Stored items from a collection
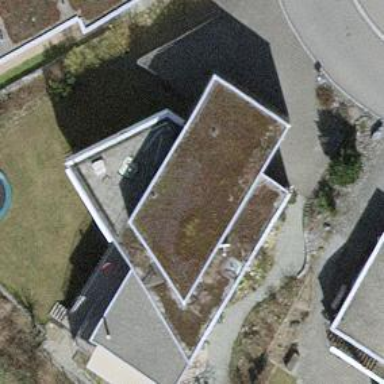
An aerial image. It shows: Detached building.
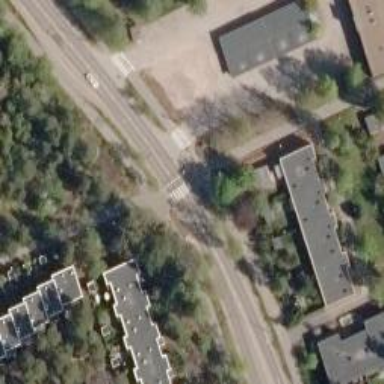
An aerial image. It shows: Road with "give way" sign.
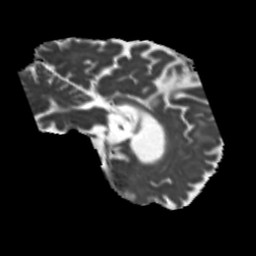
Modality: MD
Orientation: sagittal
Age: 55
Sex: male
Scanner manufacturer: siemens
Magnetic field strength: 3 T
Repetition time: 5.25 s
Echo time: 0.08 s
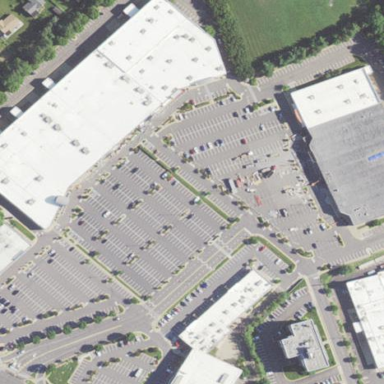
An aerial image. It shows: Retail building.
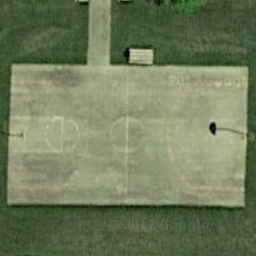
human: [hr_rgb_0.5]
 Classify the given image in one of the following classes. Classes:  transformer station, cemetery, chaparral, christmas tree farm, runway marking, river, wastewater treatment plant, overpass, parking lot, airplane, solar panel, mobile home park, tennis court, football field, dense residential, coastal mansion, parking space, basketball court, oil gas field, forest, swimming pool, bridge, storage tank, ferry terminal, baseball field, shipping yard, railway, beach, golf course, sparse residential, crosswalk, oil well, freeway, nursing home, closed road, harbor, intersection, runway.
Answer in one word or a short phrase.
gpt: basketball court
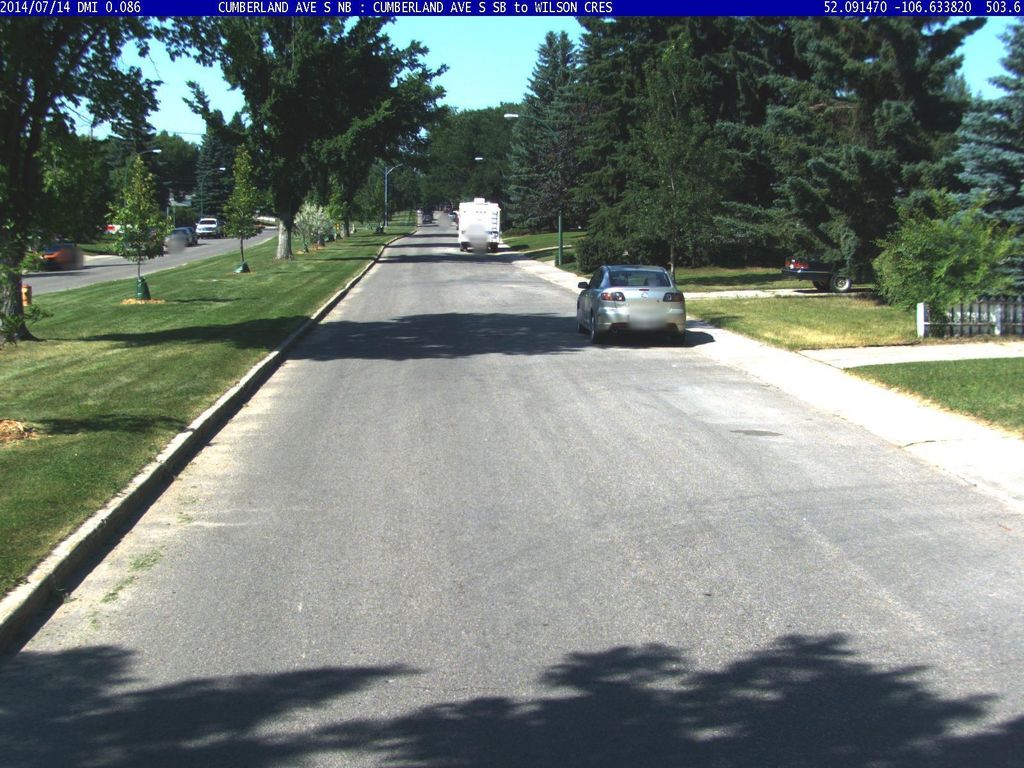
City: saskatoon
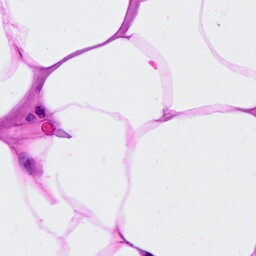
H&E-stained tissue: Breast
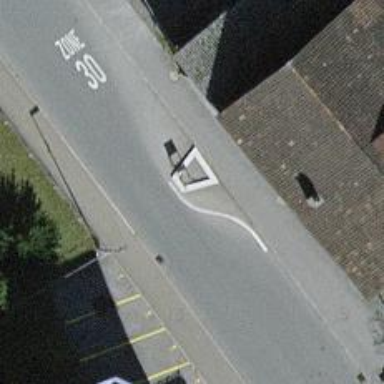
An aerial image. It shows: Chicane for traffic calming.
---
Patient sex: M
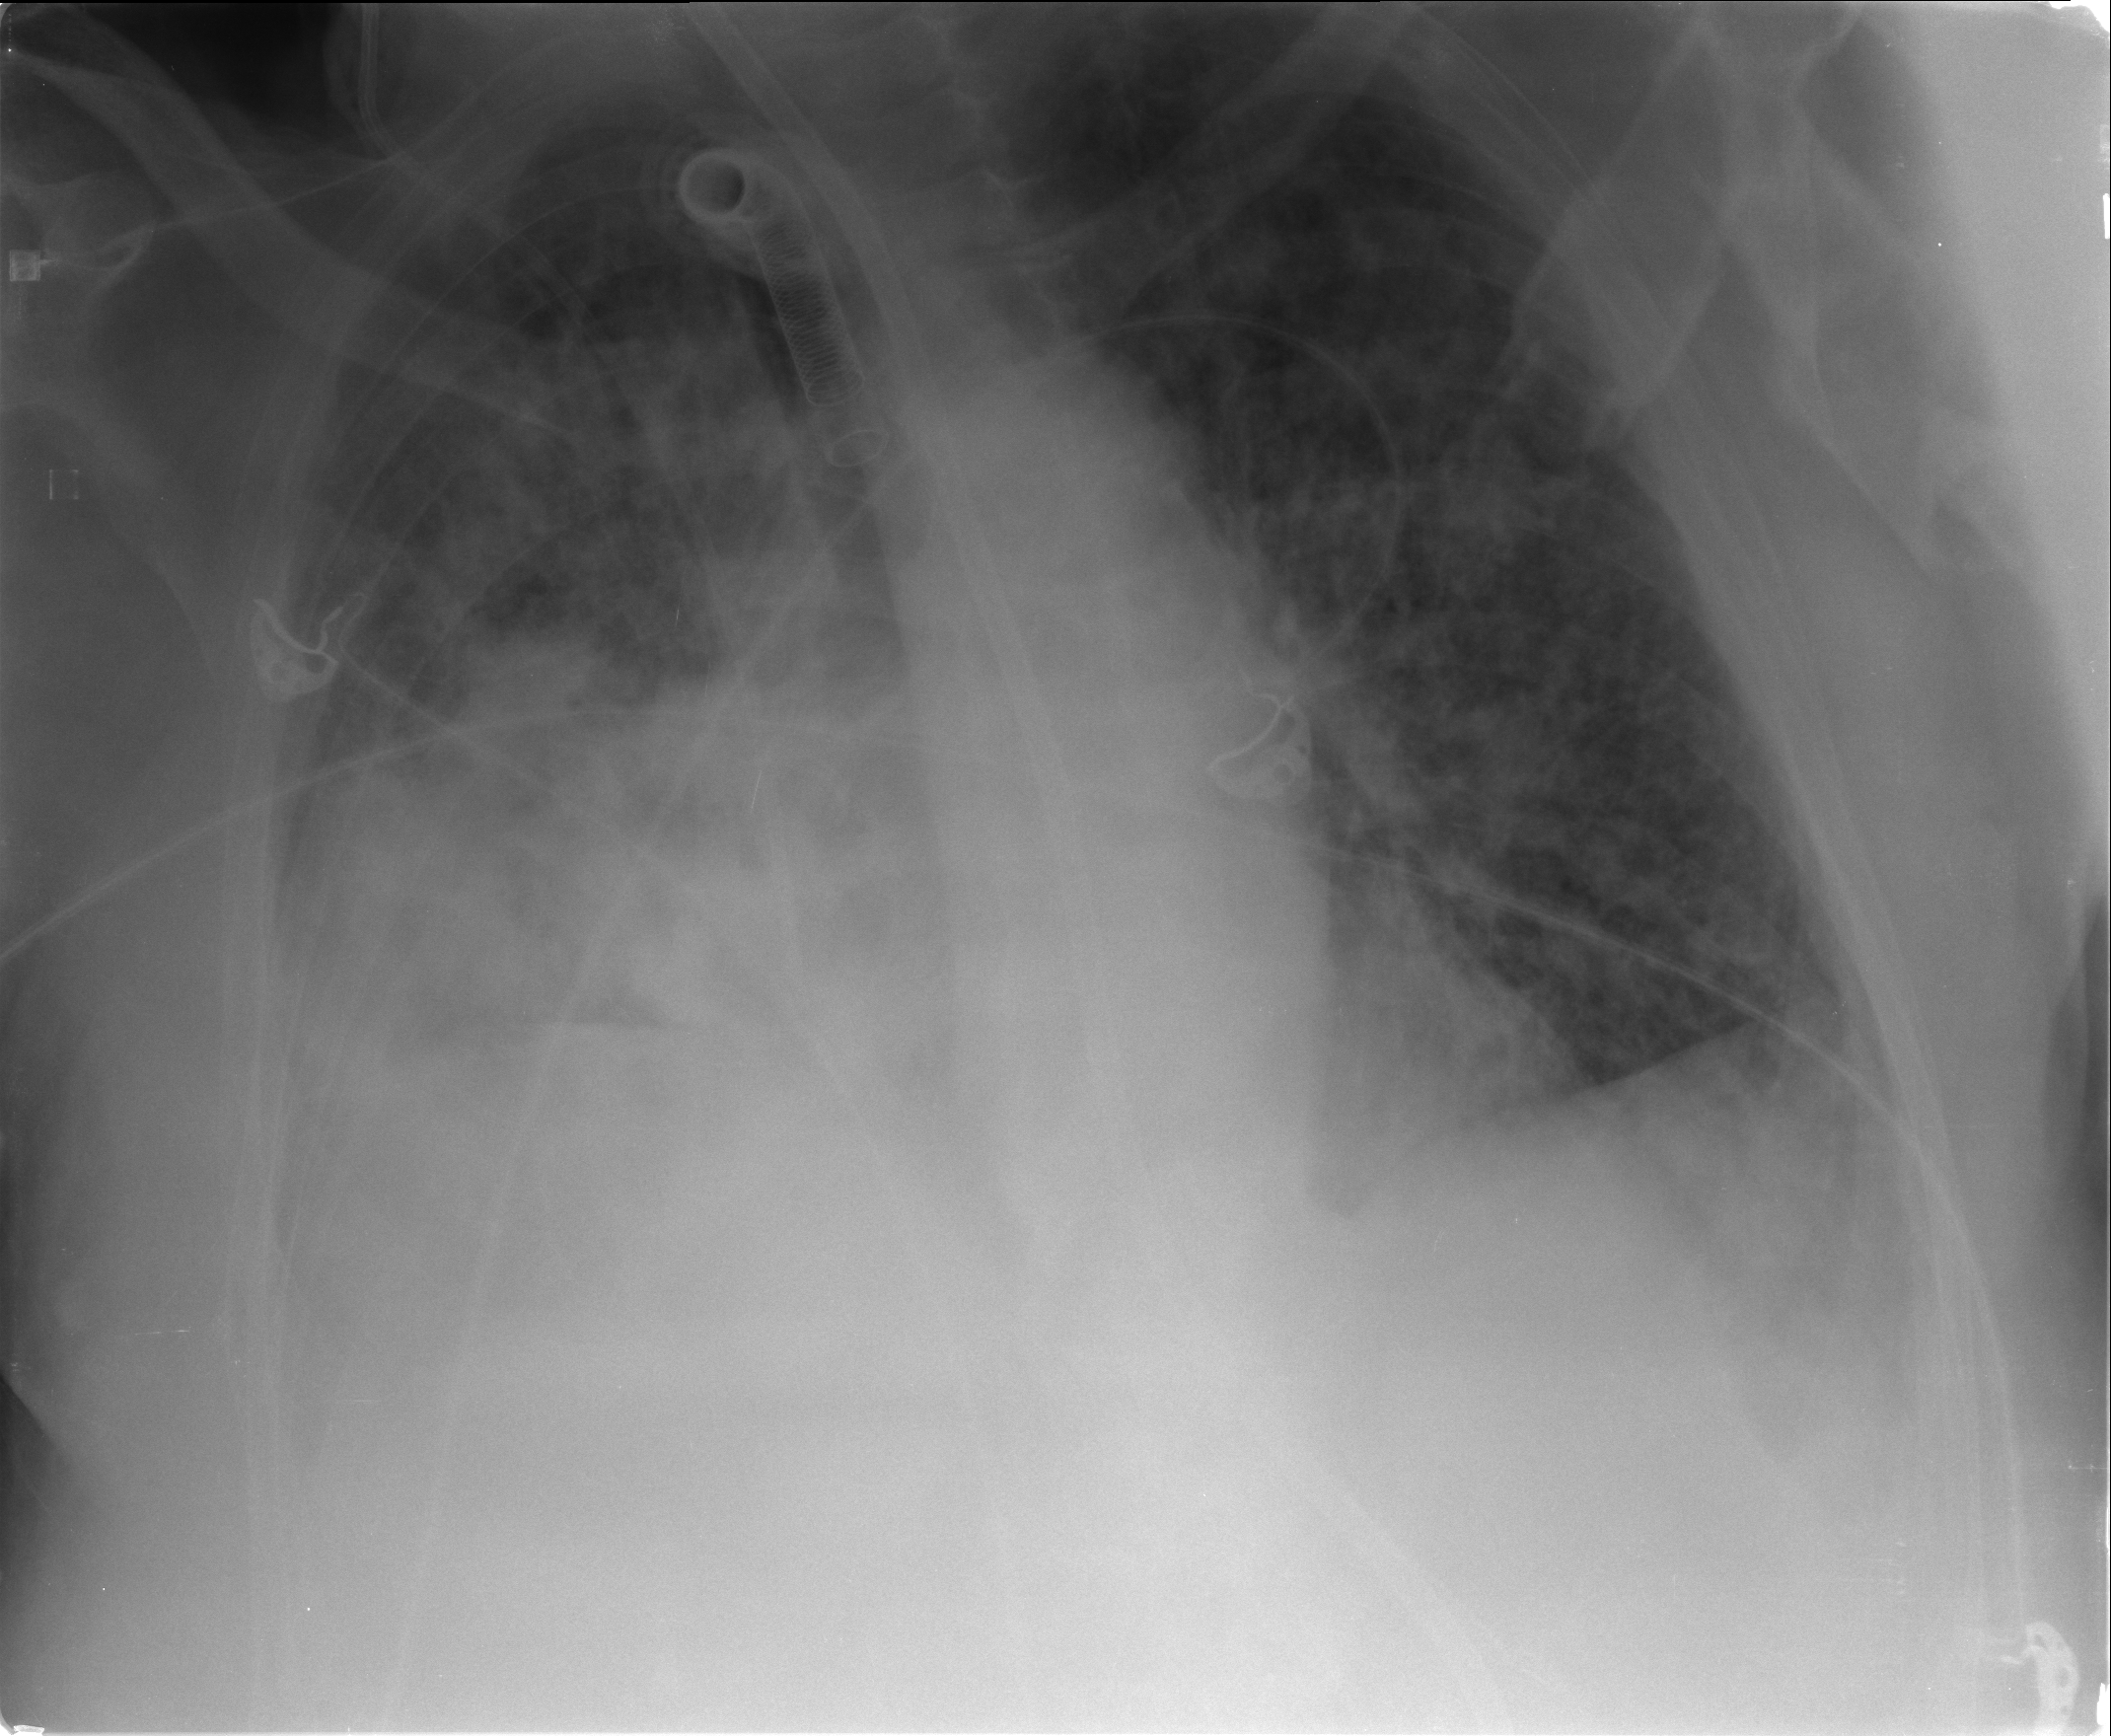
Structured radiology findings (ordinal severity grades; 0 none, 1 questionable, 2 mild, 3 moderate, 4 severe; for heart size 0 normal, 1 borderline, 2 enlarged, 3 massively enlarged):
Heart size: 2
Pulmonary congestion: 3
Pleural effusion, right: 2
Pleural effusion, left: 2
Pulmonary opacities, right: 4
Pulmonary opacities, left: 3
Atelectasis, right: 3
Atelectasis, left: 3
...
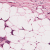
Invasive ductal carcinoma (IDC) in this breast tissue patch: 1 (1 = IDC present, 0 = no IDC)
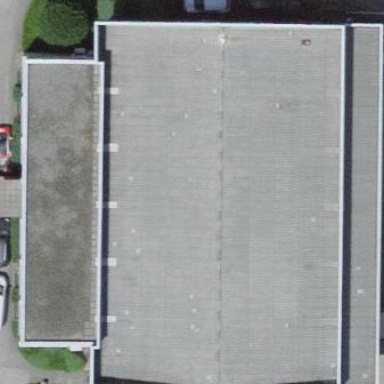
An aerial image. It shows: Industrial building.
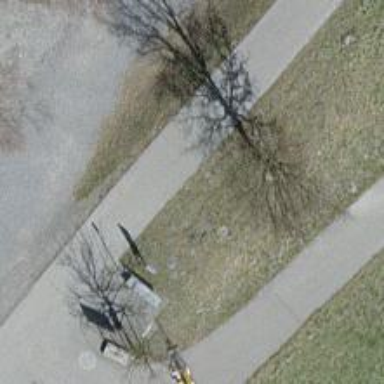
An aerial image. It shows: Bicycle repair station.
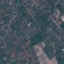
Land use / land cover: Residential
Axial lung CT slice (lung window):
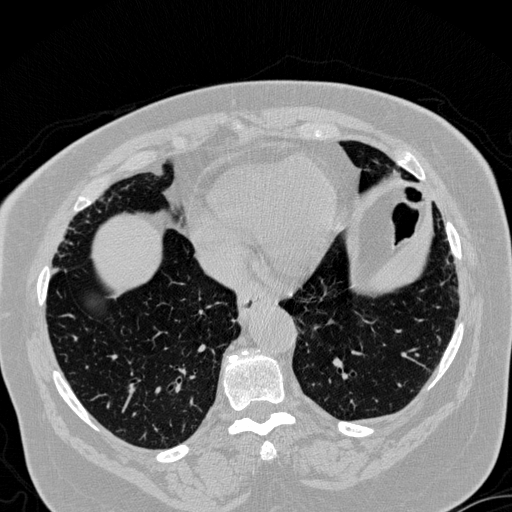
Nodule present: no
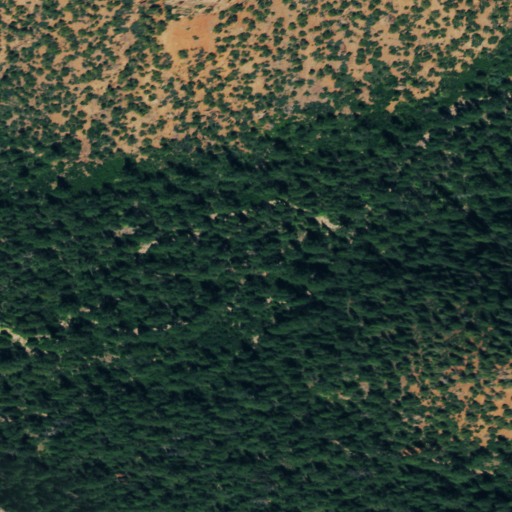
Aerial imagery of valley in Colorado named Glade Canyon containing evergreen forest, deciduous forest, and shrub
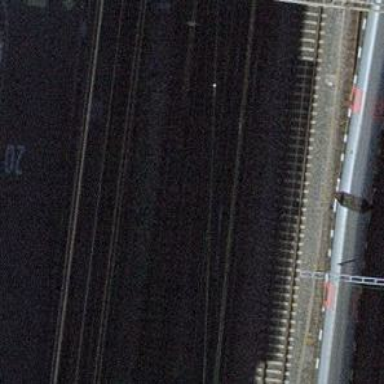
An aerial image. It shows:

* Required work
Copy each line above that has the word "Atelectasis".

* Response to this exercise
Atelectasis, right: 3
Atelectasis, left: 3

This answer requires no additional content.